■ Your objective ■
Extract all of the entries and give them again, word for word.

■ Excerpted data ■
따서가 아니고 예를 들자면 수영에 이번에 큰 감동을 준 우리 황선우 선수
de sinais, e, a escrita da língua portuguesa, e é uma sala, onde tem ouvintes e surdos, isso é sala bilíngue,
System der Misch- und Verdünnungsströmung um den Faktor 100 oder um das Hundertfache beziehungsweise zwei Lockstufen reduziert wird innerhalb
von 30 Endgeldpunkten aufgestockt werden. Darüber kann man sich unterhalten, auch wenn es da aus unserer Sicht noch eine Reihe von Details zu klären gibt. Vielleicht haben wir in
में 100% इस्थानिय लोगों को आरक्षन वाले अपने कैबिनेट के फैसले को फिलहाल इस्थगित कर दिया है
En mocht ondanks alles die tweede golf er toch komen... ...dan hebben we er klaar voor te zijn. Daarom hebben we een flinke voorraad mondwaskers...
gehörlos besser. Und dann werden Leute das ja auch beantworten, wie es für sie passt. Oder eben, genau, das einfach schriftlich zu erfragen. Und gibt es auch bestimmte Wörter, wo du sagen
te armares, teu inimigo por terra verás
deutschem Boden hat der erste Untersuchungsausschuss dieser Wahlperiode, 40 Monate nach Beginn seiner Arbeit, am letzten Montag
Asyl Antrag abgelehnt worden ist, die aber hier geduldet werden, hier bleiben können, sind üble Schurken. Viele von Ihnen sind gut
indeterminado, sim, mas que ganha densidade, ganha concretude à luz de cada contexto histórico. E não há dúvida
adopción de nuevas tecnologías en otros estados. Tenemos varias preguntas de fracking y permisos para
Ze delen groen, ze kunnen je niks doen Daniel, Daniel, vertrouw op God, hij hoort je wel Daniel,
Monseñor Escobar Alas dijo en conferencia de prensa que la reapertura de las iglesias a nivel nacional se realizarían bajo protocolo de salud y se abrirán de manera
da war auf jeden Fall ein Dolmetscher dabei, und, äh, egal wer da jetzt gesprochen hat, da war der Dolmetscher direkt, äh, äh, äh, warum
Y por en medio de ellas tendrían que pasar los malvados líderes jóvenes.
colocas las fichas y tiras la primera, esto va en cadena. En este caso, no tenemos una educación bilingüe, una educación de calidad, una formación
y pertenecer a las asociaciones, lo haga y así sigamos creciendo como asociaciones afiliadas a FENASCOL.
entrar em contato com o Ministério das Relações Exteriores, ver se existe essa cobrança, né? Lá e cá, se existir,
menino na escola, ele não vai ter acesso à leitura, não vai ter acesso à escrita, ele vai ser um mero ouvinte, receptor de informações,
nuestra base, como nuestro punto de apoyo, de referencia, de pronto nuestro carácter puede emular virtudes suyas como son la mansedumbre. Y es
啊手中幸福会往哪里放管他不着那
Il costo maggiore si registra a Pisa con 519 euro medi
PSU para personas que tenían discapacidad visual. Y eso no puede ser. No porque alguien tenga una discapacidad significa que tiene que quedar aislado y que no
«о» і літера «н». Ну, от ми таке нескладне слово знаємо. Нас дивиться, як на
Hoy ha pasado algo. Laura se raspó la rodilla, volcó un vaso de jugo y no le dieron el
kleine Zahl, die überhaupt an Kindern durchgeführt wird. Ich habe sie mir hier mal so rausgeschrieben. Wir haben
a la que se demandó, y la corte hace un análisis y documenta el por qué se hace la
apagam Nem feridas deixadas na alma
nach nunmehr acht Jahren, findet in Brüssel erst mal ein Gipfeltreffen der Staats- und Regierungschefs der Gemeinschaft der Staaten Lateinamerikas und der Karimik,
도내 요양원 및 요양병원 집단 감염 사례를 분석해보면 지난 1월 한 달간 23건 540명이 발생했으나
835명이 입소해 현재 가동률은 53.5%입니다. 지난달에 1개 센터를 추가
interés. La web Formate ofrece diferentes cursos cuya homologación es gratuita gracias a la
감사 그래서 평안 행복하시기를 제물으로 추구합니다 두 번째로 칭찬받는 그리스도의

■ Output ■
따서가 아니고 예를 들자면 수영에 이번에 큰 감동을 준 우리 황선우 선수
de sinais, e, a escrita da língua portuguesa, e é uma sala, onde tem ouvintes e surdos, isso é sala bilíngue,
System der Misch- und Verdünnungsströmung um den Faktor 100 oder um das Hundertfache beziehungsweise zwei Lockstufen reduziert wird innerhalb
von 30 Endgeldpunkten aufgestockt werden. Darüber kann man sich unterhalten, auch wenn es da aus unserer Sicht noch eine Reihe von Details zu klären gibt. Vielleicht haben wir in
में 100% इस्थानिय लोगों को आरक्षन वाले अपने कैबिनेट के फैसले को फिलहाल इस्थगित कर दिया है
En mocht ondanks alles die tweede golf er toch komen... ...dan hebben we er klaar voor te zijn. Daarom hebben we een flinke voorraad mondwaskers...
gehörlos besser. Und dann werden Leute das ja auch beantworten, wie es für sie passt. Oder eben, genau, das einfach schriftlich zu erfragen. Und gibt es auch bestimmte Wörter, wo du sagen
te armares, teu inimigo por terra verás
deutschem Boden hat der erste Untersuchungsausschuss dieser Wahlperiode, 40 Monate nach Beginn seiner Arbeit, am letzten Montag
Asyl Antrag abgelehnt worden ist, die aber hier geduldet werden, hier bleiben können, sind üble Schurken. Viele von Ihnen sind gut
indeterminado, sim, mas que ganha densidade, ganha concretude à luz de cada contexto histórico. E não há dúvida
adopción de nuevas tecnologías en otros estados. Tenemos varias preguntas de fracking y permisos para
Ze delen groen, ze kunnen je niks doen Daniel, Daniel, vertrouw op God, hij hoort je wel Daniel,
Monseñor Escobar Alas dijo en conferencia de prensa que la reapertura de las iglesias a nivel nacional se realizarían bajo protocolo de salud y se abrirán de manera
da war auf jeden Fall ein Dolmetscher dabei, und, äh, egal wer da jetzt gesprochen hat, da war der Dolmetscher direkt, äh, äh, äh, warum
Y por en medio de ellas tendrían que pasar los malvados líderes jóvenes.
colocas las fichas y tiras la primera, esto va en cadena. En este caso, no tenemos una educación bilingüe, una educación de calidad, una formación
y pertenecer a las asociaciones, lo haga y así sigamos creciendo como asociaciones afiliadas a FENASCOL.
entrar em contato com o Ministério das Relações Exteriores, ver se existe essa cobrança, né? Lá e cá, se existir,
menino na escola, ele não vai ter acesso à leitura, não vai ter acesso à escrita, ele vai ser um mero ouvinte, receptor de informações,
nuestra base, como nuestro punto de apoyo, de referencia, de pronto nuestro carácter puede emular virtudes suyas como son la mansedumbre. Y es
啊手中幸福会往哪里放管他不着那
Il costo maggiore si registra a Pisa con 519 euro medi
PSU para personas que tenían discapacidad visual. Y eso no puede ser. No porque alguien tenga una discapacidad significa que tiene que quedar aislado y que no
«о» і літера «н». Ну, от ми таке нескладне слово знаємо. Нас дивиться, як на
Hoy ha pasado algo. Laura se raspó la rodilla, volcó un vaso de jugo y no le dieron el
kleine Zahl, die überhaupt an Kindern durchgeführt wird. Ich habe sie mir hier mal so rausgeschrieben. Wir haben
a la que se demandó, y la corte hace un análisis y documenta el por qué se hace la
apagam Nem feridas deixadas na alma
nach nunmehr acht Jahren, findet in Brüssel erst mal ein Gipfeltreffen der Staats- und Regierungschefs der Gemeinschaft der Staaten Lateinamerikas und der Karimik,
도내 요양원 및 요양병원 집단 감염 사례를 분석해보면 지난 1월 한 달간 23건 540명이 발생했으나
835명이 입소해 현재 가동률은 53.5%입니다. 지난달에 1개 센터를 추가
interés. La web Formate ofrece diferentes cursos cuya homologación es gratuita gracias a la
감사 그래서 평안 행복하시기를 제물으로 추구합니다 두 번째로 칭찬받는 그리스도의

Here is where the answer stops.